Afew months ago a Scottish Olympian sought to persuade me that athletes from this country would be disadvantaged in terms of having opportunities to go to the Games if they were no longer part of a British team.

The argument was that there are some disciplines, such as team relays, where Scotland would not have enough decent performers to reach the qualifying standard. I was sceptical and a quick comparison with our most relevant neighbour proved me right.

At the London Olympics, a home Olympics for Britain so one at which every opportunity should have been taken to expose domestic talent, 51 competitors were selected from Scotland (population circa 5.3m). By contrast, Ireland (population circa 4.6m) which, for all its sporting superiority over Scotland in most team sports has relatively modest Olympic tradition in terms of medal success, sent 66 competitors.

Yet our discussion was not about the winning of medals, but about the taking part, not least since the Olympian in question - a beneficiary of many hundreds of thousands of pounds of development funding - did not have the slightest chance of winning a medal but got to the Games on the basis of being the best of British.

The conversation came to mind this week after Gordon Ritchie, a director of Snowsport Scotland, contacted me regarding his concern about the British Olympic Association's (BOA) decision to hand back five places it had been allocated for Alpine skiers in Sochi.

Three young Scots were directly affected, squeezed out by what Ritchie describes as a "brutal" British selection process. They would doubtless have been decidedly more competitive than their fellow British citizen Vanessa Mae, the violinist, who, thanks to her Thai parentage, is now Olympian. She was reported as saying ahead of taking part in the giant slalom: "I have to say the greats are here. I'm not here to compete against the best, I'm here to participate with the best. That's the real Olympic spirit and message of this movement.

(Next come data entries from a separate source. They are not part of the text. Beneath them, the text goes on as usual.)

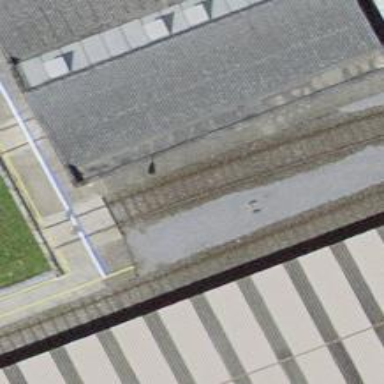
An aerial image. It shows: Single track railway in yard.
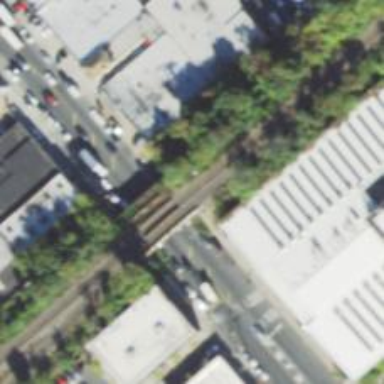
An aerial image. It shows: Railway bridge.
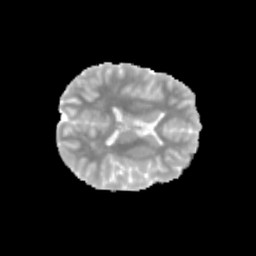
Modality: MD
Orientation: axial
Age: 10
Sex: female
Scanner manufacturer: siemens
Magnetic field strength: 3 T
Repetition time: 3.8 s
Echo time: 0.07 s

Far better, it seems, to be able to combine personal wealth, family history and just enough ability to make the overall Olympic qualifying standard than to be a dedicated athlete whose performance is well within that qualifying standard, but not that which British authorities deem necessary to let you occupy a room.

When I investigated, it was not just the apparent unfairness that stood out, but the strangely defensive manner of the response from BOA officials.

Offered the chance to reply to Ritchie's criticisms, their director of communications gave an official explanation. However, less than 10 minutes after its arrival, he had clearly given the matter further thought and sent another message.

"On another note," he wrote. "While I'm not entirely clear on the direction of your story, it probably bears remembering that our Chef de Mission, Mike Hay, is Scottish and, as with every Team GB - winter and summer - we have a number of outstanding athletes from Scotland, across numerous sports, competing and excelling."

He had, inadvertently, raised another matter. His provision of this wholly unnecessary information in that context left it hard to avoid concluding that he was suggesting that the presence of Mike Hay and other Scots meant Scottish people should be satisfied that some sort of quota has been fulfilled and are, therefore, not entitled to raise any further concerns.

After I pointed that out, he called pretty swiftly to protest strenuously and claim he had only been trying to offer additional information to help me. His principal role is, of course, to help the organisation he works for by seeking to influence coverage, but the generous thing to do would be to accept at face value that this was merely a bit of public relations clumsiness.

Even so, the bottom line here is that three Scots who, by definition given the Snowsport Scotland director's complaint, would almost certainly be at these Winter Olympics if Scotland, the only part of the British Isles that has a meaningful snowsport industry, was sending its own team.

As to the overall question of whether more young Scots would have more opportunities on the world stage if allowed to compete for Scotland rather than Great Britain, the Olympics are only one part of the story.

How many of our young footballers would, for example, have the chance to take part in football's forthcoming European Championship qualifiers if a Great Britain team was entered, something UEFA and FIFA may increasingly press for if Scotland votes to remain part of the UK in September?

If that is a hypothetical situation then we have what might be considered empirical evidence from our other major winter team sport since the careers of a whole generation of Scottish rugby players have come and gone since Tom Smith was the last Scot to start a Test for the British & Irish Lions in 2001.

Then again, if we were merely supporting a British rugby team all the time it would spare us the misery of evenings like last Saturday's when Scottish self-esteem was sapped once more by our lads looking like a disorganised rabble compared to their English counterparts.